Aung T, Okada K, Poinoosawmy D, Membrey L, Brice G, Child A H, Bhattacharya S S, Lehmann O J, Garway-Heath D F, Hitchings R A
Moorfields Eye Hospital, London, UK.
Br J Ophthalmol. 2003 Feb;87(2):149-52. doi: 10.1136/bjo.87.2.149.
Polymorphisms in OPA1, the gene responsible for autosomal dominant optic atrophy, were recently found to be strongly associated with normal tension glaucoma (NTG). The aim of this study was to determine whether OPA1 polymorphisms affect the phenotype of NTG patients.
A retrospective analysis was performed of 108 well characterised NTG patients who had been genotyped for OPA1 variations, and who had previously undergone automated perimetry and Heidelberg retina tomography (HRT). 25 NTG patients had the at-risk OPA1 genotype (IVS 8 +4 C/T; +32 T/C) and 83 NTG patients did not. Differences between groups were sought in a wide range of structural, psychophysical, and demographic factors. These included sex, age at diagnosis, family history of glaucoma, history of ischaemic risk factors and vasospasm, laterality of glaucoma, presenting and highest diurnal intraocular pressure (IOP), initial cup-disc (CD) ratio, baseline visual field global indices, and optic disc parameters as measured by HRT. For a subgroup of patients with at least 5 years of follow up and 10 visual field tests, pointwise linear regression analysis (PROGRESSOR for Windows software) was applied to the visual field series.

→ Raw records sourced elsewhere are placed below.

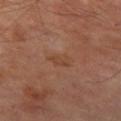Recorded during total-body skin imaging; not selected for excision or biopsy.
A 15 mm crop from a total-body photograph taken for skin-cancer surveillance.
Captured under cross-polarized illumination.
Located on the left thigh.
Automated tile analysis of the lesion measured a footprint of about 4 mm², a shape eccentricity near 0.85, and a symmetry-axis asymmetry near 0.3. And it measured an average lesion color of about L≈42 a*≈21 b*≈29 (CIELAB), roughly 5 lightness units darker than nearby skin, and a normalized lesion–skin contrast near 4.5.
Measured at roughly 3 mm in maximum diameter.
A male subject, approximately 70 years of age.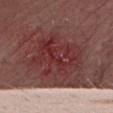The lesion was tiled from a total-body skin photograph and was not biopsied. This image is a 15 mm lesion crop taken from a total-body photograph. The lesion-visualizer software estimated a symmetry-axis asymmetry near 0.3. The software also gave a nevus-likeness score of about 0/100 and lesion-presence confidence of about 75/100. The lesion is on the leg. A female patient aged approximately 30. Measured at roughly 7.5 mm in maximum diameter.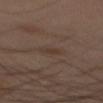| key | value |
|---|---|
| biopsy status | catalogued during a skin exam; not biopsied |
| lesion size | about 2.5 mm |
| image | total-body-photography crop, ~15 mm field of view |
| anatomic site | the mid back |
| patient | male, aged approximately 50 |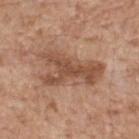follow-up: no biopsy performed (imaged during a skin exam) | image source: ~15 mm tile from a whole-body skin photo | patient: male, aged approximately 60 | lighting: white-light | automated metrics: an area of roughly 19 mm², an eccentricity of roughly 0.9, and a shape-asymmetry score of about 0.5 (0 = symmetric); a border-irregularity index near 6.5/10; an automated nevus-likeness rating near 0 out of 100 and a detector confidence of about 100 out of 100 that the crop contains a lesion | location: the upper back.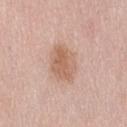Impression:
Imaged during a routine full-body skin examination; the lesion was not biopsied and no histopathology is available.
Context:
A female patient roughly 60 years of age. The lesion is located on the lower back. This is a white-light tile. Approximately 4.5 mm at its widest. A 15 mm close-up tile from a total-body photography series done for melanoma screening. The total-body-photography lesion software estimated a lesion area of about 13 mm², an eccentricity of roughly 0.65, and two-axis asymmetry of about 0.2. The analysis additionally found an average lesion color of about L≈62 a*≈20 b*≈30 (CIELAB) and roughly 9 lightness units darker than nearby skin. The analysis additionally found border irregularity of about 1.5 on a 0–10 scale and radial color variation of about 1.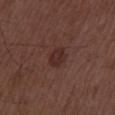The lesion was tiled from a total-body skin photograph and was not biopsied. This is a white-light tile. A close-up tile cropped from a whole-body skin photograph, about 15 mm across. A male subject, about 50 years old.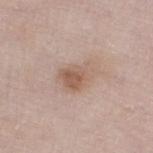Recorded during total-body skin imaging; not selected for excision or biopsy.
A male subject, about 80 years old.
The lesion's longest dimension is about 4.5 mm.
The lesion is on the leg.
A 15 mm close-up tile from a total-body photography series done for melanoma screening.
This is a white-light tile.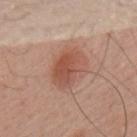This lesion was catalogued during total-body skin photography and was not selected for biopsy. The patient is a male about 60 years old. Automated image analysis of the tile measured an average lesion color of about L≈53 a*≈23 b*≈29 (CIELAB) and about 10 CIELAB-L* units darker than the surrounding skin. Longest diameter approximately 5 mm. The lesion is located on the upper back. Imaged with white-light lighting. A 15 mm close-up tile from a total-body photography series done for melanoma screening.

There was no significant difference in the two groups with respect to sex, age at diagnosis, family history of glaucoma, history of ischaemic risk factors and vasospasm, or laterality of glaucoma. The comparison of IOP, CD ratio and visual field global indices, MD and CPSD in the two groups showed no significant difference. There were no differences in the mean values for any of the HRT parameters analysed. For the subgroup of patients with at least 5 years of follow up, there was also no significant difference in the number of patients with progressing locations, the mean number of progressing locations per subject, the mean slope of the progressing locations or the mean slope for whole visual field.
The absence of phenotypic differences in normal tension glaucoma patients with and without the OPA1 polymorphisms IVS 8 +4 C/T; +32 T/C suggest that these OPA1 polymorphisms do not underlie any major phenotypic diversity in these patients.
最近发现,常染色体显性遗传性视神经萎缩相关基因OPA1的多态性与正常眼压性青光眼(NTG)密切相关。本研究旨在确定OPA1多态性是否会影响NTG患者的表型。
对108例特征明确的NTG患者进行回顾性分析,这些患者已对OPA1变异进行基因分型,且之前已接受自动视野检查和海德堡视网膜断层扫描(HRT)。25例NTG患者具有OPA1风险基因型(IVS 8 +4 C/T;+32 T/C),83例NTG患者没有。在广泛的结构、心理物理学和人口统计学因素中寻找两组之间的差异。这些因素包括性别、诊断时年龄、青光眼家族史、缺血性危险因素和血管痉挛病史、青光眼的患侧、就诊时和最高日眼压(IOP)、初始杯盘(CD)比、基线视野全局指标以及通过HRT测量的视盘参数。对于至少随访5年且进行了10次视野检查的患者亚组,对视野系列应用逐点线性回归分析(Windows版PROGRESSOR软件)。
两组在性别、诊断时年龄、青光眼家族史、缺血性危险因素和血管痉挛病史或青光眼患侧方面无显著差异。两组IOP、CD比和视野全局指标、平均缺损(MD)和校正模式标准差(CPSD)的比较无显著差异。所分析的任何HRT参数的平均值均无差异。对于至少随访5年的患者亚组,进展部位的患者数量、每个受试者进展部位的平均数量、进展部位的平均斜率或整个视野的平均斜率也无显著差异。
具有和不具有OPA1多态性IVS 8 +4 C/T;+32 T/C的正常眼压性青光眼患者之间不存在表型差异,这表明这些OPA1多态性并非这些患者任何主要表型多样性的基础。